The beating—or, in this case, non-beating—heart of the story is Bill Skarsgård as the vampiric Count Orlock. The Dracula stereotype of the vampire with a cape is out of the window. Instead, Orlock is a long-dead Transylvanian noble man, a figure from some folk tale mythology, complete with a bushy moustache and opulent clothing befitting his aristocratic status. But whatever he was when he was alive, he has transformed into a sinister being, a partially decomposed primordial vision of terror. Unseen for most of the film, save for some stunning shadow play early on, Orlock is an avatar of evil and entitlement.

From Orlock’s slow, deliberate speech to his ferocity, Skarsgård, unrecognizable under an inch of make-up, plays him as though he’s just stepped out of a nightmare.

As Thomas, Hoult is a sturdy leading man, and Dafoe, continuing his exploration of off kilter old timey doctors, is obviously having fun, and brings a hint of lightness to this very dark tale.

“Nosferatu” is a story of shadows and light, both thematically and in its visual style.

In one creepy flourish Eggers utilizes shadows to represent the spread of Orlock’s influence.
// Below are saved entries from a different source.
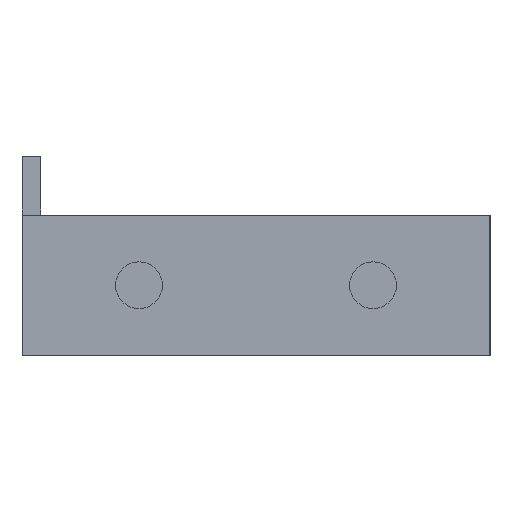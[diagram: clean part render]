
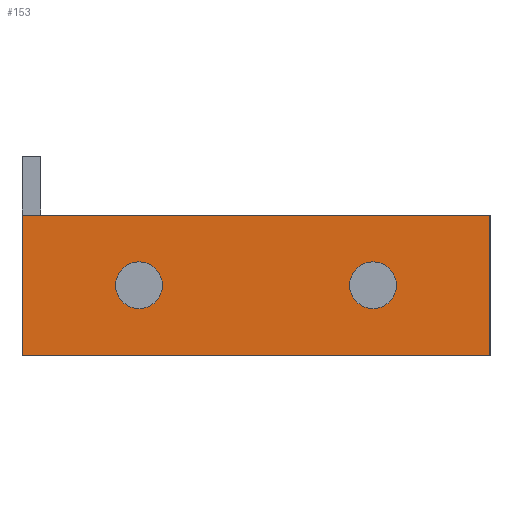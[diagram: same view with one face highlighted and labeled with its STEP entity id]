
A CAD part, left-side view. The second image highlights one B-rep face of the part: STEP entity #153.
In plain terms, the highlighted planar face has unit normal (-1, 0, 0).
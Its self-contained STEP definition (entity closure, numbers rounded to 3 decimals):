
#92=FACE_BOUND('',#381,.F.);
#93=FACE_BOUND('',#382,.F.);
#96=CIRCLE('',#2743,2.);
#97=CIRCLE('',#2744,2.);
#98=CIRCLE('',#2745,2.);
#99=CIRCLE('',#2746,2.);
#153=ADVANCED_FACE('',(#92,#93,#266),#1120,.T.);
#266=FACE_OUTER_BOUND('',#383,.F.);
#381=EDGE_LOOP('',(#627,#628));
#382=EDGE_LOOP('',(#629,#630));
#383=EDGE_LOOP('',(#631,#632,#633,#634));
#627=ORIENTED_EDGE('',*,*,#1629,.T.);
#628=ORIENTED_EDGE('',*,*,#1628,.T.);
#629=ORIENTED_EDGE('',*,*,#1627,.T.);
#630=ORIENTED_EDGE('',*,*,#1626,.T.);
#631=ORIENTED_EDGE('',*,*,#1785,.F.);
#632=ORIENTED_EDGE('',*,*,#1793,.F.);
#633=ORIENTED_EDGE('',*,*,#1789,.T.);
#634=ORIENTED_EDGE('',*,*,#1796,.T.);
#1120=PLANE('',#2778);
#1626=EDGE_CURVE('',#2690,#2689,#96,.T.);
#1627=EDGE_CURVE('',#2689,#2690,#97,.T.);
#1628=EDGE_CURVE('',#2688,#2687,#98,.T.);
#1629=EDGE_CURVE('',#2687,#2688,#99,.T.);
#1785=EDGE_CURVE('',#2552,#2551,#2078,.T.);
#1789=EDGE_CURVE('',#2626,#2548,#2082,.T.);
#1793=EDGE_CURVE('',#2626,#2552,#2086,.T.);
#1796=EDGE_CURVE('',#2548,#2551,#2089,.T.);
#2078=LINE('',#3841,#2361);
#2082=LINE('',#3845,#2365);
#2086=LINE('',#3849,#2369);
#2089=LINE('',#3852,#2372);
#2361=VECTOR('',#3091,40.);
#2365=VECTOR('',#3095,40.);
#2369=VECTOR('',#3099,12.);
#2372=VECTOR('',#3102,12.);
#2548=VERTEX_POINT('',#3539);
#2551=VERTEX_POINT('',#3542);
#2552=VERTEX_POINT('',#3543);
#2626=VERTEX_POINT('',#3617);
#2687=VERTEX_POINT('',#3678);
#2688=VERTEX_POINT('',#3679);
#2689=VERTEX_POINT('',#3680);
#2690=VERTEX_POINT('',#3681);
#2743=AXIS2_PLACEMENT_3D('',#3682,#2914,#2915);
#2744=AXIS2_PLACEMENT_3D('',#3683,#2916,#2917);
#2745=AXIS2_PLACEMENT_3D('',#3684,#2918,#2919);
#2746=AXIS2_PLACEMENT_3D('',#3685,#2920,#2921);
#2778=AXIS2_PLACEMENT_3D('',#3988,#3255,#3256);
#2914=DIRECTION('',(-1.,0.,0.));
#2915=DIRECTION('',(0.,0.,1.));
#2916=DIRECTION('',(-1.,0.,0.));
#2917=DIRECTION('',(0.,0.,-1.));
#2918=DIRECTION('',(-1.,0.,0.));
#2919=DIRECTION('',(0.,0.,1.));
#2920=DIRECTION('',(-1.,0.,0.));
#2921=DIRECTION('',(0.,0.,-1.));
#3091=DIRECTION('',(0.,1.,0.));
#3095=DIRECTION('',(0.,1.,0.));
#3099=DIRECTION('',(0.,0.,1.));
#3102=DIRECTION('',(0.,0.,1.));
#3255=DIRECTION('',(-1.,0.,0.));
#3256=DIRECTION('',(0.,1.,0.));
#3539=CARTESIAN_POINT('',(-60.,112.5,-116.));
#3542=CARTESIAN_POINT('',(-60.,112.5,-104.));
#3543=CARTESIAN_POINT('',(-60.,72.5,-104.));
#3617=CARTESIAN_POINT('',(-60.,72.5,-116.));
#3678=CARTESIAN_POINT('',(-60.,82.5,-112.));
#3679=CARTESIAN_POINT('',(-60.,82.5,-108.));
#3680=CARTESIAN_POINT('',(-60.,102.5,-112.));
#3681=CARTESIAN_POINT('',(-60.,102.5,-108.));
#3682=CARTESIAN_POINT('',(-60.,102.5,-110.));
#3683=CARTESIAN_POINT('',(-60.,102.5,-110.));
#3684=CARTESIAN_POINT('',(-60.,82.5,-110.));
#3685=CARTESIAN_POINT('',(-60.,82.5,-110.));
#3841=CARTESIAN_POINT('',(-60.,72.5,-104.));
#3845=CARTESIAN_POINT('',(-60.,72.5,-116.));
#3849=CARTESIAN_POINT('',(-60.,72.5,-116.));
#3852=CARTESIAN_POINT('',(-60.,112.5,-116.));
#3988=CARTESIAN_POINT('',(-60.,72.1,-103.6));

The image of his hand slowly casting shade over Thomas and Ellen’s hometown of Wisborg is eye popping, both visually and metaphorically. As a stylist Eggers creates an atmosphere of evil that emerges from the darkness, painstakingly enveloping all in its path. There is a terrible beauty in these images, one that plumbs the depths of Orlock’s depravity in ways that is both spellbinding and repulsive.

By the time the end credits roll “Nosferatu” is both a compelling homage to, and a reimaging of, Murnau’s original film. The atmosphere of dread remains, given new life with impressive visuals, but it is in Egger’s revision of the core story of obsession and sacrifice that the film becomes truly horrific.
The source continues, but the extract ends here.